# whip scorpions



## Justin (Jan 19, 2003)

What is the biggest whip scopion you can get? and can any one give my care for giant tanzanian giant tailess whip scorpions. thanks.


----------



## phoenixxavierre (Jan 19, 2003)

> _Originally posted by Justin _
> *What is the biggest whip scopion you can get? and can any one give my care for giant tanzanian giant tailess whip scorpions. thanks. *


I don't know what the biggest is but I have some that are fairly large, 8 inches or so from tip of front leg to back leg. 

As far as care, temps 70F-90F, humidities range 75%-90%. They like to climb and hide so I have found that a large space to keep them in is best, at least a ten gallon tank for one, a 20 gallon for two or more. They will cannabilize if not fed well.

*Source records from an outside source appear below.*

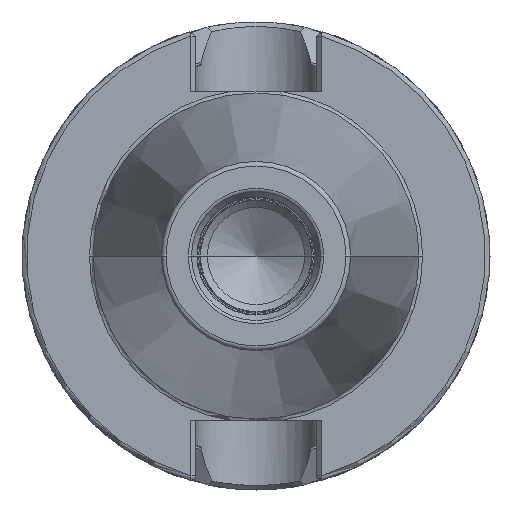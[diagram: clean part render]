
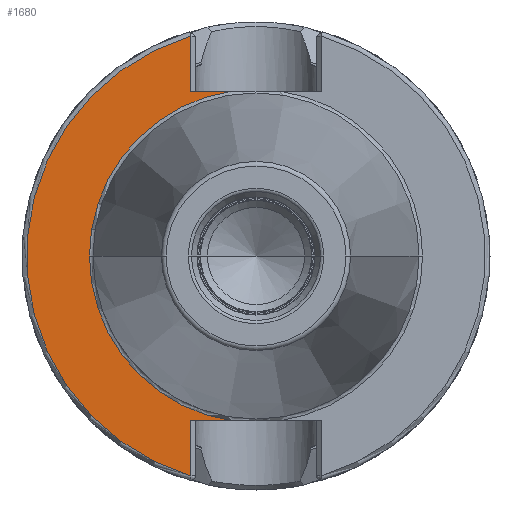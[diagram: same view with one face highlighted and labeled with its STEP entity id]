
A CAD part, left-side view. The second image highlights one B-rep face of the part: STEP entity #1680.
In plain terms, the highlighted planar face has unit normal (-1, 0, 0).
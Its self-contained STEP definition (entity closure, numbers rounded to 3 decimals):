
#96=CARTESIAN_POINT('',(3.,0.,0.));
#97=DIRECTION('',(-1.,0.,0.));
#98=DIRECTION('',(0.,1.,0.));
#99=AXIS2_PLACEMENT_3D('',#96,#97,#98);
#127=DIRECTION('',(0.,0.,1.));
#128=VECTOR('',#127,11.773);
#129=CARTESIAN_POINT('',(3.,13.902,-46.973));
#130=LINE('',#129,#128);
#131=DIRECTION('',(0.,0.,1.));
#132=VECTOR('',#131,11.773);
#133=CARTESIAN_POINT('',(3.,13.903,35.2));
#134=LINE('',#133,#132);
#588=CARTESIAN_POINT('',(3.,0.,0.));
#589=DIRECTION('',(-1.,0.,0.));
#590=DIRECTION('',(0.,0.284,0.959));
#591=AXIS2_PLACEMENT_3D('',#588,#589,#590);
#683=DIRECTION('',(0.,1.,0.));
#684=VECTOR('',#683,8.751);
#685=CARTESIAN_POINT('',(3.,5.152,35.2));
#686=LINE('',#685,#684);
#704=CARTESIAN_POINT('',(3.,0.,0.));
#705=DIRECTION('',(1.,0.,0.));
#706=DIRECTION('',(0.,1.,0.));
#707=AXIS2_PLACEMENT_3D('',#704,#705,#706);
#741=DIRECTION('',(0.,-1.,0.));
#742=VECTOR('',#741,8.751);
#743=CARTESIAN_POINT('',(3.,13.903,-35.2));
#744=LINE('',#743,#742);
#1316=CARTESIAN_POINT('',(3.,35.575,0.));
#1318=VERTEX_POINT('',#1316);
#1386=CARTESIAN_POINT('',(3.,5.152,35.2));
#1387=VERTEX_POINT('',#1386);
#1394=CARTESIAN_POINT('',(3.,5.152,-35.2));
#1395=VERTEX_POINT('',#1394);
#1432=CARTESIAN_POINT('',(3.,13.903,46.973));
#1434=VERTEX_POINT('',#1432);
#1436=CARTESIAN_POINT('',(3.,13.903,35.2));
#1437=VERTEX_POINT('',#1436);
#1446=CARTESIAN_POINT('',(3.,13.902,-46.973));
#1447=CARTESIAN_POINT('',(3.,13.903,-35.2));
#1448=VERTEX_POINT('',#1446);
#1449=VERTEX_POINT('',#1447);
#1660=CARTESIAN_POINT('',(3.,0.,0.));
#1661=DIRECTION('',(1.,0.,0.));
#1662=DIRECTION('',(0.,-1.,0.));
#1663=AXIS2_PLACEMENT_3D('',#1660,#1661,#1662);
#1664=PLANE('',#1663);
#1666=ORIENTED_EDGE('',*,*,#1665,.F.);
#1668=ORIENTED_EDGE('',*,*,#1667,.F.);
#1670=ORIENTED_EDGE('',*,*,#1669,.F.);
#1672=ORIENTED_EDGE('',*,*,#1671,.F.);
#1674=ORIENTED_EDGE('',*,*,#1673,.F.);
#1675=ORIENTED_EDGE('',*,*,#1646,.T.);
#1677=ORIENTED_EDGE('',*,*,#1676,.F.);
#1678=EDGE_LOOP('',(#1666,#1668,#1670,#1672,#1674,#1675,#1677));
#1679=FACE_OUTER_BOUND('',#1678,.F.);
#1680=ADVANCED_FACE('',(#1679),#1664,.F.);
#100=CIRCLE('',#99,35.575);
#592=CIRCLE('',#591,48.988);
#708=CIRCLE('',#707,35.575);
#1646=EDGE_CURVE('',#1318,#1395,#100,.T.);
#1665=EDGE_CURVE('',#1448,#1449,#130,.T.);
#1667=EDGE_CURVE('',#1434,#1448,#592,.T.);
#1669=EDGE_CURVE('',#1437,#1434,#134,.T.);
#1671=EDGE_CURVE('',#1387,#1437,#686,.T.);
#1673=EDGE_CURVE('',#1318,#1387,#708,.T.);
#1676=EDGE_CURVE('',#1449,#1395,#744,.T.);

Cage should contain a water dish, substrate (I use peat moss/potting soil), wood, logs, sticks, rocks, etc. for them to climb on and under to hide. I'll try to post a pic of one of my whipscorp setups (maybe tomorrow since the lighting isn't great in here tonight). 

Hope this helps a little,

Paul


----------



## phoenixxavierre (Jan 19, 2003)

> _Originally posted by Justin _
> *What is the biggest whip scopion you can get? *


Oh, okay. 

I didn't understand what you were asking first time I read it. I think, someone please correct me if I'm wrong, that Damon variegatus is the largest. 

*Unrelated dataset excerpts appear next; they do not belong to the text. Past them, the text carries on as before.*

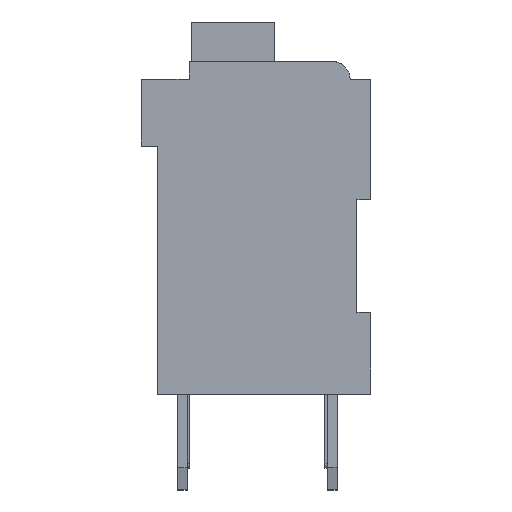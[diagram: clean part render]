
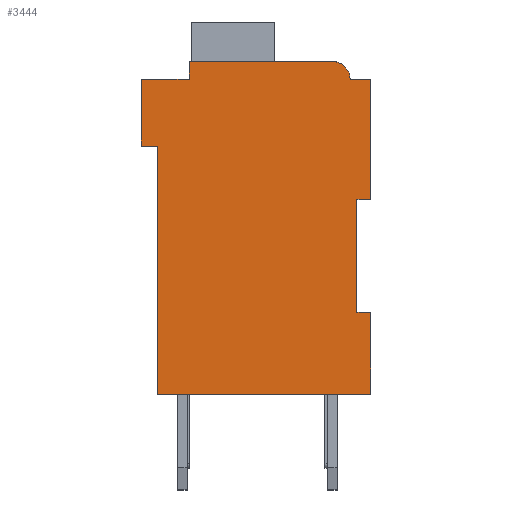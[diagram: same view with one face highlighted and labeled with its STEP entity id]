
A CAD part, top view. The second image highlights one B-rep face of the part: STEP entity #3444.
In plain terms, the highlighted planar face has unit normal (0, 0, 1).
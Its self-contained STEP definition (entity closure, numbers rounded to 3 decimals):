
#586=DIRECTION('',(1.,0.,0.));
#587=VECTOR('',#586,0.5);
#588=CARTESIAN_POINT('',(7.3,7.15,2.1));
#589=LINE('',#588,#587);
#590=DIRECTION('',(0.,1.,0.));
#591=VECTOR('',#590,4.15);
#592=CARTESIAN_POINT('',(7.3,3.,2.1));
#593=LINE('',#592,#591);
#594=DIRECTION('',(-1.,0.,0.));
#595=VECTOR('',#594,0.5);
#596=CARTESIAN_POINT('',(7.8,3.,2.1));
#597=LINE('',#596,#595);
#598=DIRECTION('',(0.,1.,0.));
#599=VECTOR('',#598,3.);
#600=CARTESIAN_POINT('',(7.8,0.,2.1));
#601=LINE('',#600,#599);
#602=DIRECTION('',(1.,0.,0.));
#603=VECTOR('',#602,7.8);
#604=CARTESIAN_POINT('',(0.,0.,2.1));
#605=LINE('',#604,#603);
#606=DIRECTION('',(0.,-1.,0.));
#607=VECTOR('',#606,9.1);
#608=CARTESIAN_POINT('',(0.,9.1,2.1));
#609=LINE('',#608,#607);
#610=DIRECTION('',(1.,0.,0.));
#611=VECTOR('',#610,0.6);
#612=CARTESIAN_POINT('',(-0.6,9.1,2.1));
#613=LINE('',#612,#611);
#614=DIRECTION('',(0.,-1.,0.));
#615=VECTOR('',#614,2.45);
#616=CARTESIAN_POINT('',(-0.6,11.55,2.1));
#617=LINE('',#616,#615);
#618=DIRECTION('',(-1.,0.,0.));
#619=VECTOR('',#618,1.75);
#620=CARTESIAN_POINT('',(1.15,11.55,2.1));
#621=LINE('',#620,#619);
#622=DIRECTION('',(0.,-1.,0.));
#623=VECTOR('',#622,0.65);
#624=CARTESIAN_POINT('',(1.15,12.2,2.1));
#625=LINE('',#624,#623);
#626=DIRECTION('',(-1.,0.,0.));
#627=VECTOR('',#626,5.25);
#628=CARTESIAN_POINT('',(6.4,12.2,2.1));
#629=LINE('',#628,#627);
#630=CARTESIAN_POINT('',(6.4,11.55,2.1));
#631=DIRECTION('',(0.,0.,1.));
#632=DIRECTION('',(1.,0.,0.));
#633=AXIS2_PLACEMENT_3D('',#630,#631,#632);
#635=DIRECTION('',(-1.,0.,0.));
#636=VECTOR('',#635,0.75);
#637=CARTESIAN_POINT('',(7.8,11.55,2.1));
#638=LINE('',#637,#636);
#639=DIRECTION('',(0.,1.,0.));
#640=VECTOR('',#639,4.4);
#641=CARTESIAN_POINT('',(7.8,7.15,2.1));
#642=LINE('',#641,#640);
#2055=CARTESIAN_POINT('',(7.3,7.15,2.1));
#2056=CARTESIAN_POINT('',(7.8,7.15,2.1));
#2057=VERTEX_POINT('',#2055);
#2058=VERTEX_POINT('',#2056);
#2059=CARTESIAN_POINT('',(7.8,11.55,2.1));
#2060=VERTEX_POINT('',#2059);
#2061=CARTESIAN_POINT('',(7.05,11.55,2.1));
#2062=VERTEX_POINT('',#2061);
#2063=CARTESIAN_POINT('',(6.4,12.2,2.1));
#2064=VERTEX_POINT('',#2063);
#2065=CARTESIAN_POINT('',(1.15,12.2,2.1));
#2066=VERTEX_POINT('',#2065);
#2067=CARTESIAN_POINT('',(1.15,11.55,2.1));
#2068=VERTEX_POINT('',#2067);
#2069=CARTESIAN_POINT('',(-0.6,11.55,2.1));
#2070=VERTEX_POINT('',#2069);
#2071=CARTESIAN_POINT('',(-0.6,9.1,2.1));
#2072=VERTEX_POINT('',#2071);
#2073=CARTESIAN_POINT('',(0.,9.1,2.1));
#2074=VERTEX_POINT('',#2073);
#2075=CARTESIAN_POINT('',(0.,0.,2.1));
#2076=VERTEX_POINT('',#2075);
#2077=CARTESIAN_POINT('',(7.8,0.,2.1));
#2078=VERTEX_POINT('',#2077);
#2079=CARTESIAN_POINT('',(7.8,3.,2.1));
#2080=VERTEX_POINT('',#2079);
#2081=CARTESIAN_POINT('',(7.3,3.,2.1));
#2082=VERTEX_POINT('',#2081);
#3414=CARTESIAN_POINT('',(0.,0.,2.1));
#3415=DIRECTION('',(0.,0.,1.));
#3416=DIRECTION('',(1.,0.,0.));
#3417=AXIS2_PLACEMENT_3D('',#3414,#3415,#3416);
#3418=PLANE('',#3417);
#3419=ORIENTED_EDGE('',*,*,#2704,.F.);
#3420=ORIENTED_EDGE('',*,*,#2853,.F.);
#3422=ORIENTED_EDGE('',*,*,#3421,.F.);
#3424=ORIENTED_EDGE('',*,*,#3423,.F.);
#3425=ORIENTED_EDGE('',*,*,#2949,.F.);
#3426=ORIENTED_EDGE('',*,*,#2922,.F.);
#3428=ORIENTED_EDGE('',*,*,#3427,.F.);
#3430=ORIENTED_EDGE('',*,*,#3429,.F.);
#3432=ORIENTED_EDGE('',*,*,#3431,.F.);
#3434=ORIENTED_EDGE('',*,*,#3433,.F.);
#3436=ORIENTED_EDGE('',*,*,#3435,.F.);
#3438=ORIENTED_EDGE('',*,*,#3437,.F.);
#3440=ORIENTED_EDGE('',*,*,#3439,.F.);
#3441=ORIENTED_EDGE('',*,*,#2789,.F.);
#3442=EDGE_LOOP('',(#3419,#3420,#3422,#3424,#3425,#3426,#3428,#3430,#3432,#3434,
#3436,#3438,#3440,#3441));
#3443=FACE_OUTER_BOUND('',#3442,.F.);
#634=CIRCLE('',#633,0.65);
#2704=EDGE_CURVE('',#2057,#2058,#589,.T.);
#2789=EDGE_CURVE('',#2058,#2060,#642,.T.);
#2853=EDGE_CURVE('',#2082,#2057,#593,.T.);
#2922=EDGE_CURVE('',#2074,#2076,#609,.T.);
#2949=EDGE_CURVE('',#2076,#2078,#605,.T.);
#3421=EDGE_CURVE('',#2080,#2082,#597,.T.);
#3423=EDGE_CURVE('',#2078,#2080,#601,.T.);
#3427=EDGE_CURVE('',#2072,#2074,#613,.T.);
#3429=EDGE_CURVE('',#2070,#2072,#617,.T.);
#3431=EDGE_CURVE('',#2068,#2070,#621,.T.);
#3433=EDGE_CURVE('',#2066,#2068,#625,.T.);
#3435=EDGE_CURVE('',#2064,#2066,#629,.T.);
#3437=EDGE_CURVE('',#2062,#2064,#634,.T.);
#3439=EDGE_CURVE('',#2060,#2062,#638,.T.);
#3444=ADVANCED_FACE('',(#3443),#3418,.T.);

Anyone know if that scientific name is the accepted one for Tanzanian tailless whipscorps?

Paul


----------



## Alex S. (Jan 19, 2003)

*Amblypygi*

The largest amblypygids in the world are those of the genus Acanthophrynus, which can get up to 10" in leg-span and have nearly 20" whip-spans. They are not available in the hobby though.

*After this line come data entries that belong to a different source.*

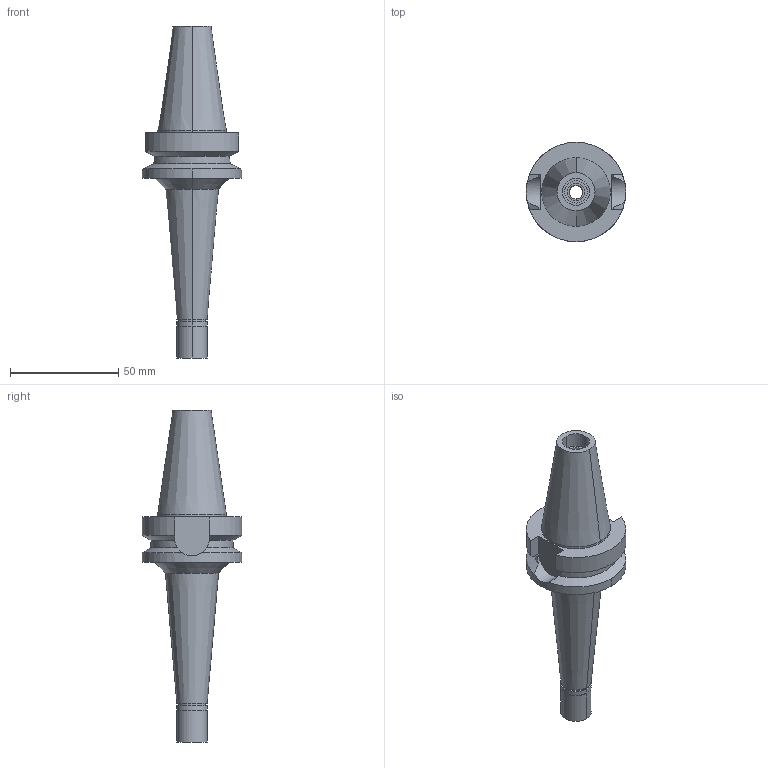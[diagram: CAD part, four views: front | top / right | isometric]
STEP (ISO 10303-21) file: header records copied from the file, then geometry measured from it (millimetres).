
FILE_DESCRIPTION (( 'STEP AP203' ), '1' );
FILE_NAME ('BBT30-MEGA6S-105T.stp', '2019-06-25T19:37:19', ( '' ), ( '' ), 'SwSTEP 2.0', 'SolidWorks 2019', '' );
FILE_SCHEMA (( 'CONFIG_CONTROL_DESIGN' ));
Length unit declared in the file: millimetre
Products named in the file (7): MGN6S_1.stp; BBT30-MEGA6S-105T_1.stp; DXF_TEMP_ASSY_ASM_4_ASM.stp; BBT30-MEGA6S-105T-FreeParts; BBT30MS06105T-060_ASM.stp; BBT30-MEGA6S-105T.stp; BBT30-MEGA6S-105T
Assembly tree (5 placements, depth 5):
  BBT30-MEGA6S-105T-FreeParts
  BBT30-MEGA6S-105T
    BBT30-MEGA6S-105T.stp
      BBT30MS06105T-060_ASM.stp
        DXF_TEMP_ASSY_ASM_4_ASM.stp
          BBT30-MEGA6S-105T_1.stp
          MGN6S_1.stp
Bounding box: 46 x 46 x 153.4 mm (x, y, z)
Volume: 68532.4 mm3; surface area: 19906.3 mm2
Topology: 2 solids, 2 shells, 74 faces, 165 edges, 107 vertices
Faces by surface type: cylinder 38, plane 22, cone 14
Entity records: 2938 total; most frequent: CARTESIAN_POINT 524, DIRECTION 402, ORIENTED_EDGE 330, AXIS2_PLACEMENT_3D 171, EDGE_CURVE 165, VERTEX_POINT 107, EDGE_LOOP 90, CIRCLE 86

Damon diadema is the species imported as the Tanzanian Giant Tailless Whipscorpion.

Alex S.


----------



## phoenixxavierre (Jan 20, 2003)

*Re: Amblypygi*



> _Originally posted by Alex S. _
> *The largest amblypygids in the world are those of the genus Acanthophrynus, which can get up to 10" in leg-span and have nearly 20" whip-spans. They are not available in the hobby though.
> 
> Damon diadema is the species imported as the Tanzanian Giant Tailless Whipscorpion.
> ...


Thankyou, Alex! Where are the genus Acanthophrynus found?

Do you know where can I find information on the correct naming and IDing of D. diadema as opposed to D. variegata or variegatus, like scientific papers and such? (need my coffee!) 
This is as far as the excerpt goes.